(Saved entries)
====

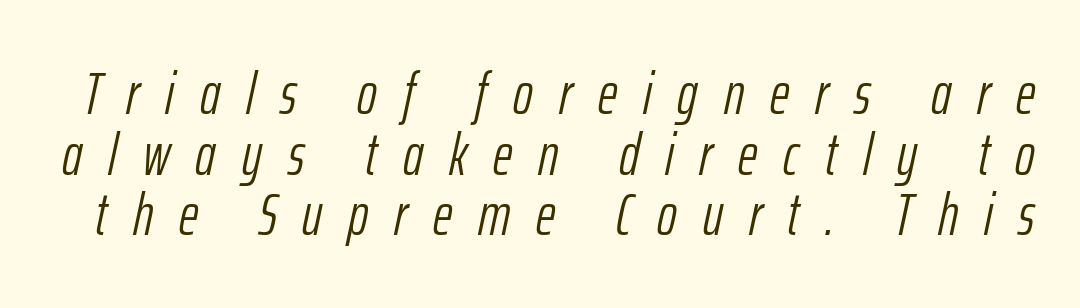
Q: Is the text bold? A: No.
Q: Is the text italic (slanted)? A: Yes, it leans right by about 12 degrees.
Q: Is the text underlined? A: No.
Q: Is the spacing between letters normal or unusually wide? A: Unusually wide.
Q: Is the spacing between lines tight, normal or loose? A: Tight.
Q: Width (condensed, normal, or wide)? A: Condensed.
Q: Stroke contrast? A: Low.
Q: x-height? A: Medium.
Q: Monospaced? A: No.
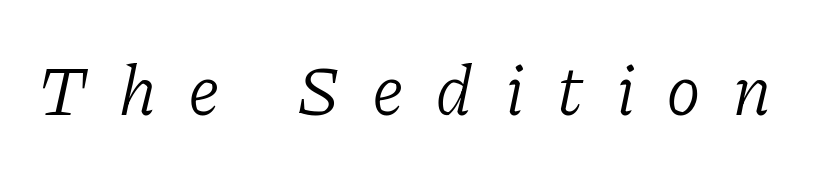
Q: Is the text bold? A: No.
Q: Is the text italic (slanted)? A: Yes, it leans right by about 11 degrees.
Q: Is the typeface a serif or a sans-serif typeface? A: Serif.
Q: Is the text underlined? A: No.
Q: Is the spacing between letters normal or unusually wide? A: Unusually wide.
Q: Width (condensed, normal, or wide)? A: Normal.
Q: Stroke contrast? A: Low.
Q: x-height? A: Medium.
Q: Monospaced? A: No.

====

• [EXERCISE INSTRUCTIONS]
Locate and copy each line in the data above that includes the word "right".

• [OUTPUT OF THE EXERCISE]
Q: Is the text italic (slanted)? A: Yes, it leans right by about 12 degrees.
Q: Is the text italic (slanted)? A: Yes, it leans right by about 11 degrees.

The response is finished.